2. The wind-control climate change system based on wind energy utilization of claim 1, wherein the zoning module comprises:

and the dividing factor sub-module is used for extracting corresponding climate, assessment and meteorological element information to divide the region according to the space range and the time range of the selected wind adjustment region.

3. A wind-control climate change system based on wind energy utilization as claimed in claim 2, further comprising:

the regional requirement submodule is used for setting a wind-adjusting region to comprise a protective green land and a water body in the region, and the wind-adjusting region is subjected to rigid boundary control to meet the requirements of wind-blocking height, wind-blocking density and wind-blocking layout control.

4. A wind-control climate change system based on wind energy utilization as claimed in claim 1, wherein the database module comprises:

the setting sub-module is used for setting the acquisition path, the data input and output path, the evaluation factor weight, the analytic hierarchy process and the model coefficient of each item of data in the meteorological database.

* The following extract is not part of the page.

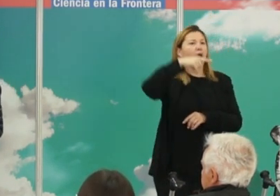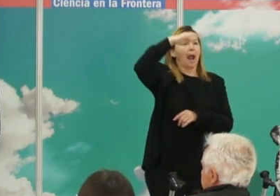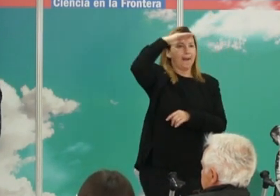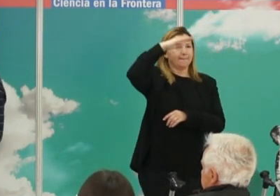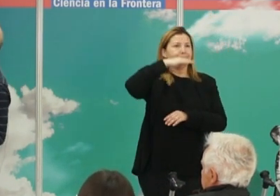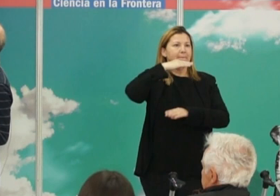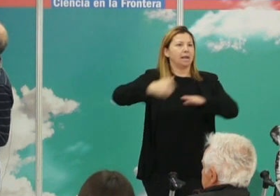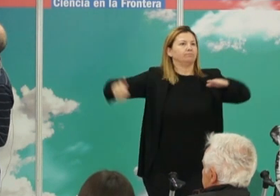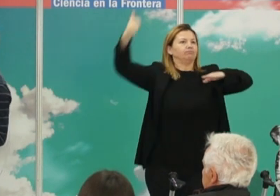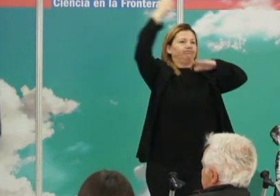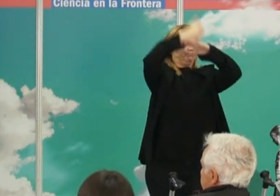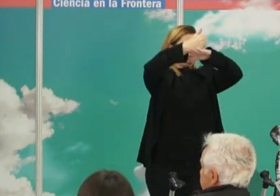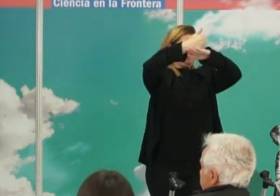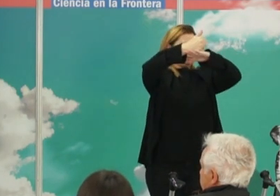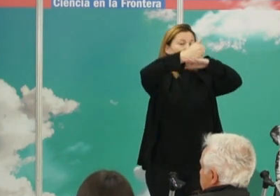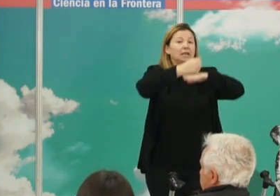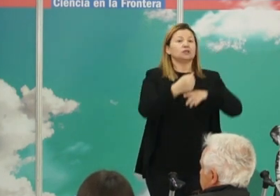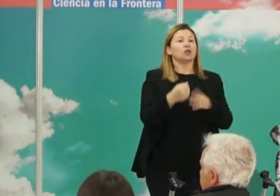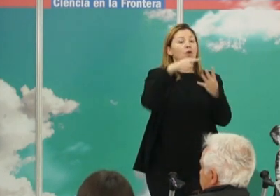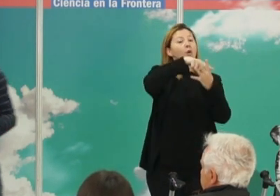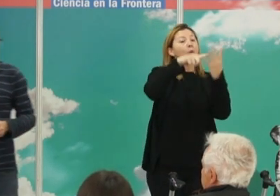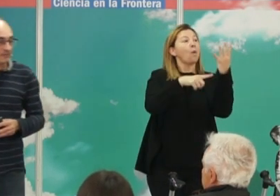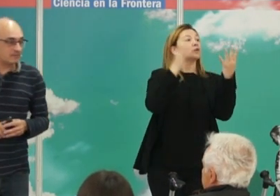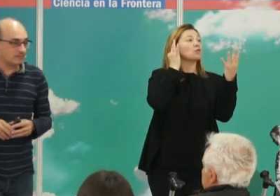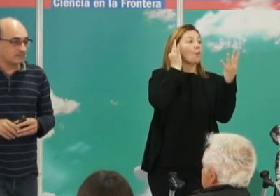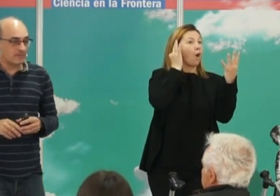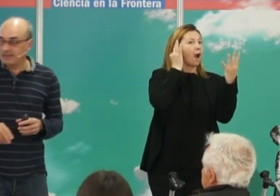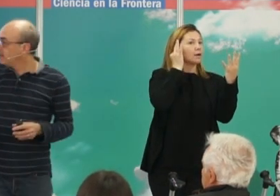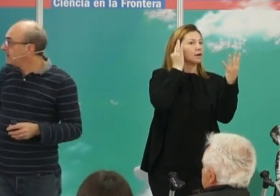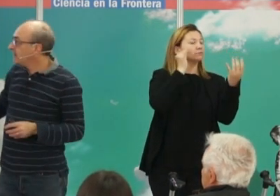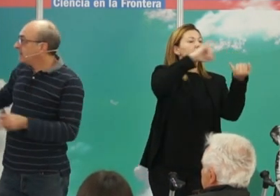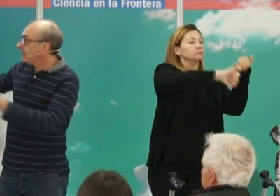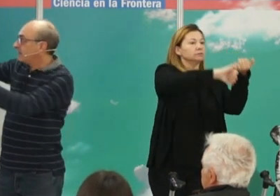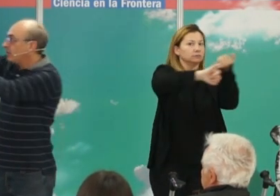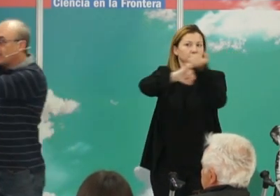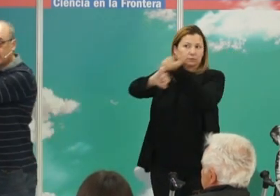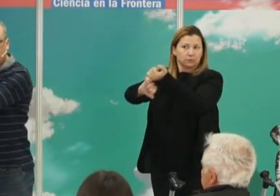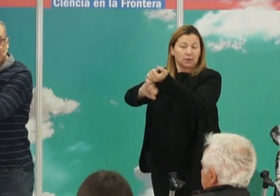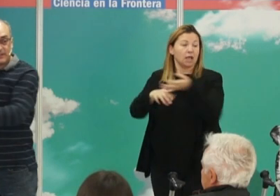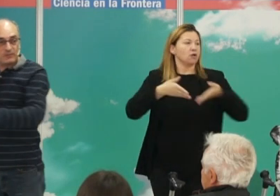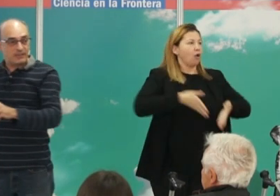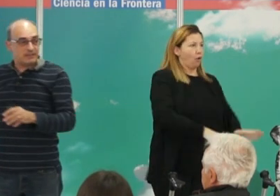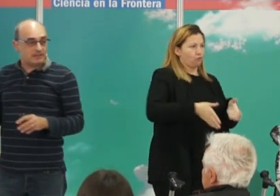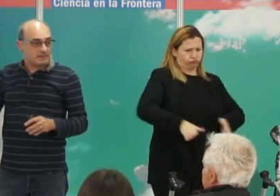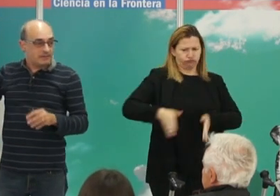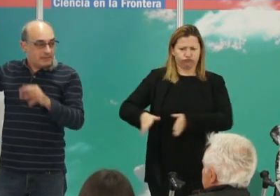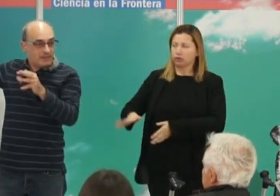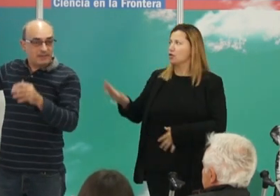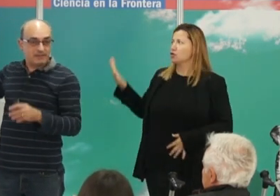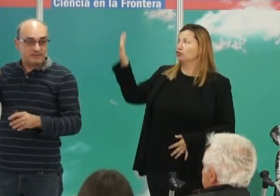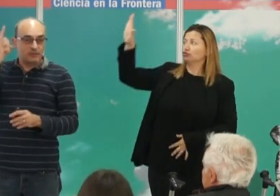que tuvo hijos con cuatro mujeres distintas. Entonces, toda esta comunidad

5. A wind-control climate change system based on wind energy utilization as claimed in claim 4, further comprising:

and the analysis and storage sub-module is used for evaluating the collected relevant basic data of the wind adjustment area through an analytic hierarchy process and inputting the data meeting the evaluation standard into the meteorological database for storage.

6. The wind-control climate change system based on wind energy utilization of claim 1, wherein the climate analysis module comprises:

the earth surface analysis submodule is used for subtracting the influence of the atmosphere on the earth surface heat radiation from the total heat radiation quantity observed by the satellite according to the influence of the atmosphere on the earth surface heat radiation to obtain earth surface heat radiation intensity, and converting the earth surface heat radiation intensity to obtain corresponding earth surface temperature.

7. A wind-control climate change system based on wind energy utilization as claimed in claim 6, further comprising:

the calculation sub-module is used for carrying out standardization processing of single index quantification on the data in the meteorological database, obtaining subjective weight through a hierarchical analysis method, obtaining objective weight through an entropy weight method, obtaining the weight of the index, and adding the risk quantification results of the indexes according to the weight after the weight calculation is completed to obtain the climate risk index of the regional climate data.

8. A wind-controlled climate change system based on wind energy utilization as claimed in claim 1, wherein the wind-controlled climate change module comprises:

the management submodule is used for clearing obstacles on the cold and hot air intersection road and determining the water level of surface water or river water in the air-conditioning area, the water quantity of the surface water and the normal position of the river water.

9. A computer readable storage medium, on which a computer program is stored, which computer program, when being executed by a processor, implements the system according to any of claims 1-8.